I'm 5'11 and feel the most comfortable on anything with a 22.5"+/- 0.2" top tube, don't know how well this would suit you, but it might be a good place to start when looking for a new frame.


----------



## climbingbubba (Jan 10, 2007)

there are ton of companies out there. if you didn't like the feel of your kona then don't jump right back in and buy anothe one. try something new.

here is some companies to look up that make some of the best stuff out right now.

NS bikes- look at the suburban 24 or 26 or if you want to do total street then look at the capital (thats what im getting, i also plug these guys first because i have a 07 ns suburban frame im selling for a good deal, pm me if your interested)

Blk Mrkt- already mentioned but worth mentioning again, i have only put my leg over one but they seemed to be dialed

dobermann bikes- look crazy sweet, very solid frames that have lots of options, especially if you have the money to buy a custom made one

Superco- probably the sickest mtb style street bike out there right now, but they will cost you, alot. my friend rides the 24" version and it is crazy light and fun.
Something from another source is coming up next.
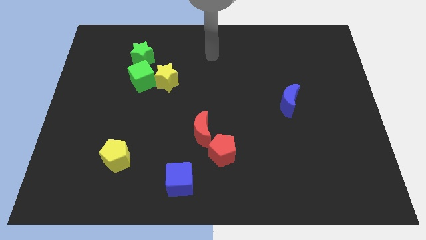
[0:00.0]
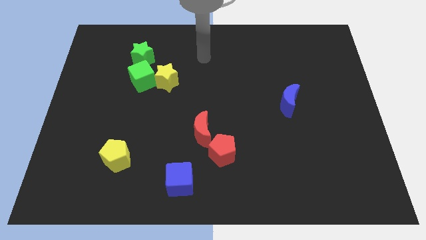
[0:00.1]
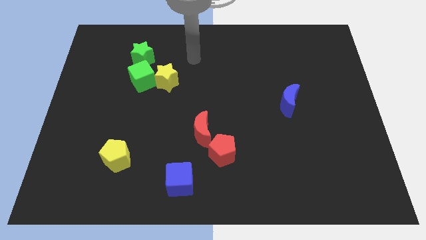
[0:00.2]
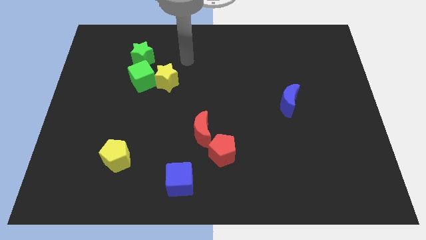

for a cheap, complete options look into
Eastern night train or thunderbird- the 08's have sick paint jobs and really short chainstays. they have some heavy parts but you can replace them as you go. 

ok and now the "real" urban options
tonic fab fall guy or union street bikes molly or NS capital- these bikes are part bmx and part mtb. they use bmx rear hubs and 24" wheels. you can run a rigid or suspension fork. short chainstays and very flickable. v-brake only but you won't destroy a disc if you like to grind
im going to get flammed for this but 24's are going to be stronger, lighter, and make your bike more flickable for street. you can run a shorter top tube and still have clearance for barspins. but this is the important part, only get 24's if you buy a 24 specific frame!!!!!!

now some things to look for
top tube- probably should be around 22.5 for 26's and 21.8 for 24's for barspin clearance
chainstays- close to 15.5 for 26's and 14.75 for 24's
horizontal dropouts- a must, just trust me
short seat tube- under 13 is good but the lower the better for getting your leg over in tricks
weight- these days getting a frame under 5.5 pounds isn't too hard to find, but worth it
material- steel is best, no aluminium, enough said
headangle- i would say for street 70 would be a minimum but some go all the way up to 72.5 which will feel more like a bmx and makes fakie tricks a little easier.

so with all of this being said i would stay away from another kona and other aluminium frames for street. people own the dirt jumps on them but i think steel is a better street bike.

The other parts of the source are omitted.